Tony Lezard, creator and administrator of the national ratings service at https://results.ukbgf.com, explains what the ratings formula means and why the bar for changing the formula should be set very high indeed.
I sometimes receive suggestions for how the formula used for the national ratings service could be improved. It’s hard to argue that the current formula is unimprovable, but hastily changing it causes its own problems, even if the rationale for making a change is sound. Let’s examine this more closely.
What do we mean by changing the formula?
The rating we are all familiar with is the result of applying a single formula repeatedly over a list of match results, with the players’ ratings being what comes out at the end. If the sequence of results changes (usually by adding new results at the end), the formula is recomputed over the entire sequence again.
For each match result in the sequence, the ratings formula is applied twice, once for the winner, once for the loser, taking as its input the ratings of both two players and the current the players’ experience level, returning a number by which the rating will change:
rating_change = f(rating, experience, opponent_rating, points_won)
where points_won is the match length, or the negative of that quantity, according to whether the player in question won or lost the match.
The change in rating is computed and applied for each player in the match, and then we move on to the next result in the sequence and repeat the process. Most of the time, we can save ourselves a lot of computational effort by making use of the property that when a result is added at the end of the sequence, you can use the current ratings as an intermediate result in the calculation of the new ratings.

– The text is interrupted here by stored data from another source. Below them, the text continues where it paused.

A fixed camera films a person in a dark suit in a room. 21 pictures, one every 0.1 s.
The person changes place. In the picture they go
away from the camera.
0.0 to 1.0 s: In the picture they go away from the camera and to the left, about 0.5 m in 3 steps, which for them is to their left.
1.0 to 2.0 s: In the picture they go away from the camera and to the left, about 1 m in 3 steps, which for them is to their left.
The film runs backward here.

It is important to note that there is only one formula, iterated over all the results in the sequence. It is incorrect to declare that “henceforth” the ratings formula will be something else – what you are actually doing is saying that the date of the match is now a dependent part of the formula:
rating_change = f(rating, experience, opponent_rating, points_won, date_of_match)
and internally the function f compares date_of_match to some hard-wired value and applies either the old formula or the new one.

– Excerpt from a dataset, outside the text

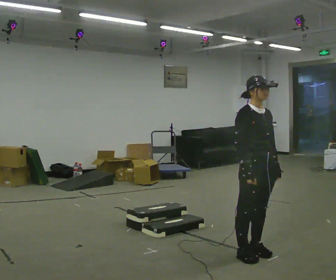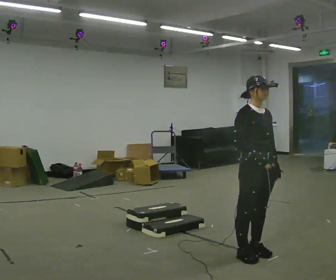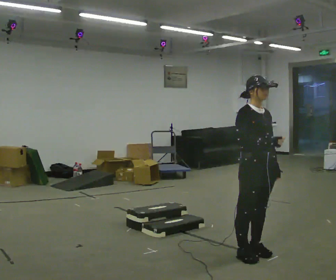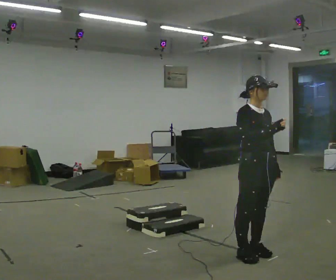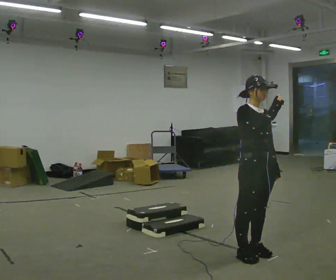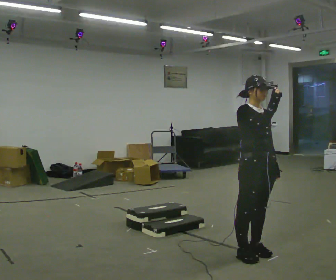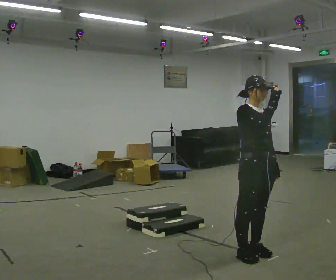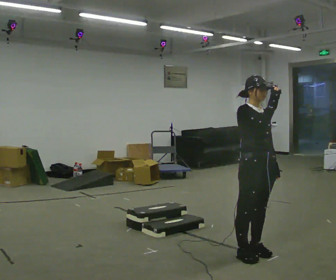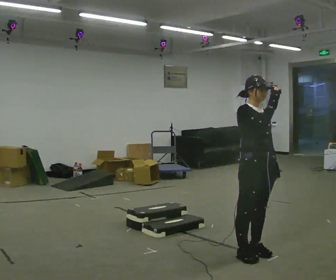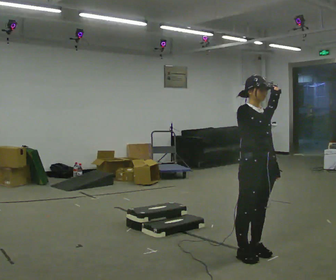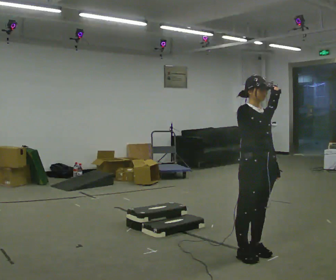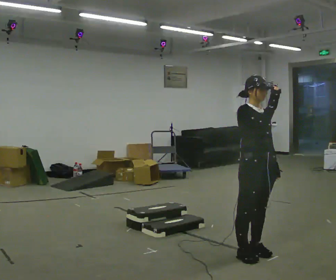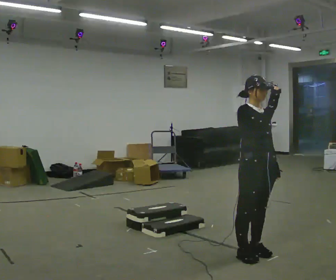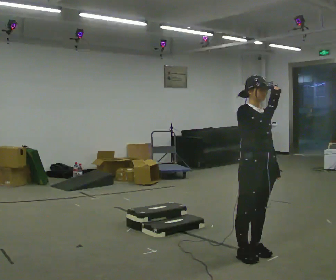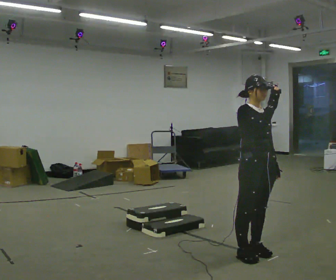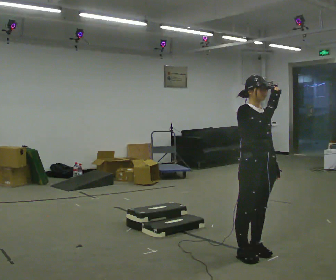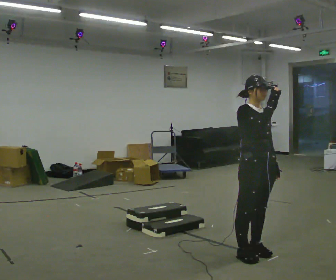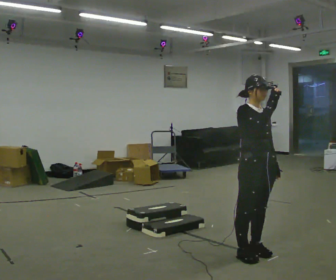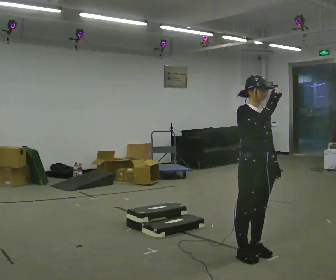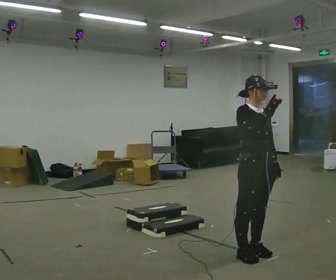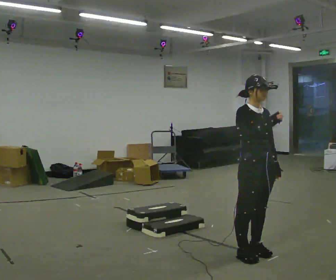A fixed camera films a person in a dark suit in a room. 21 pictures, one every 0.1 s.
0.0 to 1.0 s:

So a change in formula is necessarily a retrospective change, applied to every result in the match sequence, however, a ratings formula with new data required and an embedded discontinuity is ugly and lacks credibility.
Keeping the date out of the calculation and using a new formula throughout is definitely cleaner, but it creates a new oddity. If a formula change is implemented, then history is erased: all historic claims of reaching some particular milestone like an impressive rating never happened. You might, or might not, be able to replace those occasions with other milestones, but you no longer own the particular achievement you thought you did.
It could also have the effect of changing past winners of competitions such as the Holland Park Ladder, which rely on the output of the ratings formula applied to a subset of the results.
It’s all about the rank
For most people, their ranking in the ratings table is the statistic of prime importance. The rating is a proxy for how good you are at backgammon, and the actual numbers are somewhat arbitrary, but everyone wants to be the best!
So when we consider changes to the ratings formula, it is crucial to look at how it will affect people’s rank in the table. A change in formula will shuffle the rankings about a bit, and without knowing anything more about the change, you would expect about half the players will go up in the table and half down, with a few staying in the same place.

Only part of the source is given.